02-23-2012 12:54 PM
I have some fairly large data sets that are created on a monthly basis. I was wondering if you have any tips on data compression techniqes to speed up the time SAS takes to create these data sets?
Thanks for the tips!
02-23-2012 01:21 PM
You're asking two different questions. Compression affects disk space usage. As a general rule, this does not speed up programs but rather slows them down slightly. What are you trying to accomplish?
02-23-2012 06:23 PM
Like others have said, seeing what your data and data needs are, as well as environment, would have to be known in order for anyone to suggest valid possibilities.
Tom mentioned summarizing as early as possible. I agree, but would even back up a step before that. Only import and/or keep the data that are really necessary.
02-23-2012 01:31 PM
Since the slower computing operation is typically I/O compression often does speed up programs by allowing the disk to push the data faster at the cost of increased CPU usage. It all depends where your bottlenecking in performance.
Please provide additional information about how these files are created currently on a monthly basis and any system information you know or feel comfortable sharing, especially OS, available storage types, cpu counts, ram, etc..

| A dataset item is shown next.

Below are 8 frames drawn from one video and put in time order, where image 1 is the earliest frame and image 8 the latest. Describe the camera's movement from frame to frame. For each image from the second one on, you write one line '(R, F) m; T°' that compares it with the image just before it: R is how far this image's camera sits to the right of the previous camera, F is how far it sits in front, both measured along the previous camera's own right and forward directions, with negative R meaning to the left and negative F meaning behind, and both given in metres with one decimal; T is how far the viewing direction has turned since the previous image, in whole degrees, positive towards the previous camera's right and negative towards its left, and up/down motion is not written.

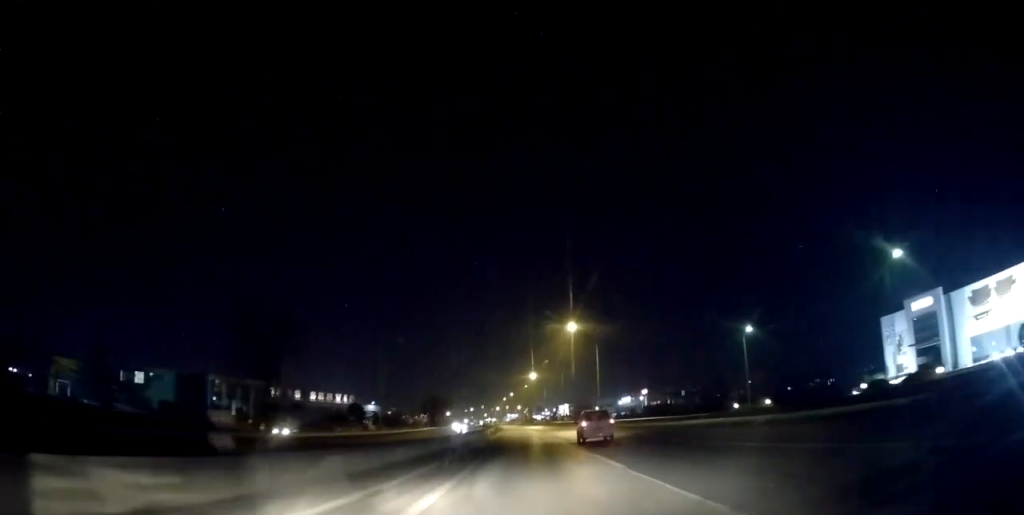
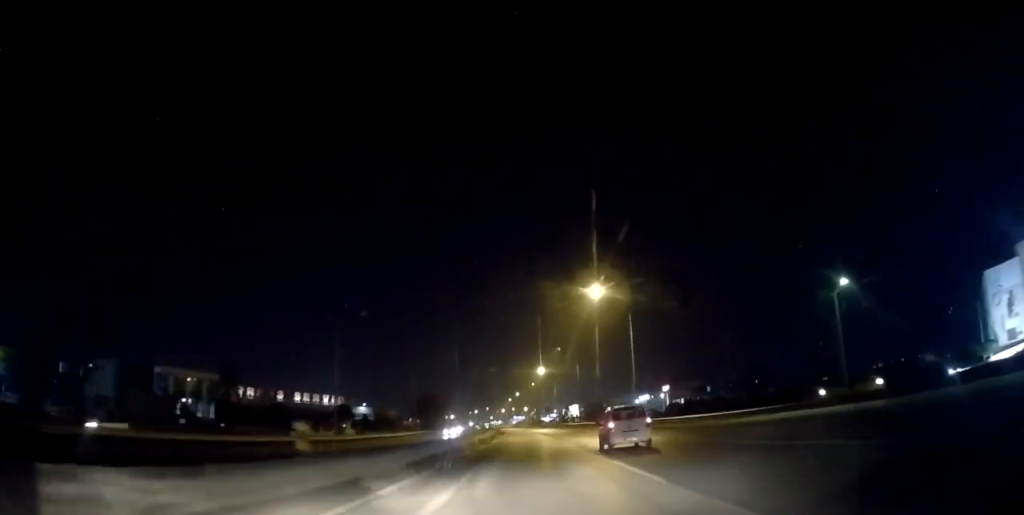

What is the nature of the data, does it have natural segmentation for the analysis you intend to do with it? Why do you feel this program is running slow? What is it's current performance metrics and where would you want it to be?
Increasing performance is a very large question to ask so vaguely.
02-23-2012 07:28 PM
In My experience compressing has actually speed up the process, it really depends on where the bottle neck is... Ie if you have slow disk, writing/reading as little as possible helps...
02-24-2012 03:42 AM
If we look at compression as such, if your data is mainly character, try the ordinary CHAR method.
If you have lots of numerical data, try BINARY.
If you have lots of numerical integers, you can try to specify other length than the default 8.
As Barry says, it deponds on your system and data, if compression will help processing time. The penalty for compression is more CPU cycles.
My experience is that you need at least 50% compression to gain shorter processing time.
Hoe long is your run time anyway? Do you have indexes defined?
Depending on the requirements, some re-modelling of the data can sometimes help.
02-24-2012 01:53 PM
If I don't want to babysit the program while running I'd be tempted to schedule it to run while I'm out of the office, say overnight if possible. Then everything is done when I come in the morning.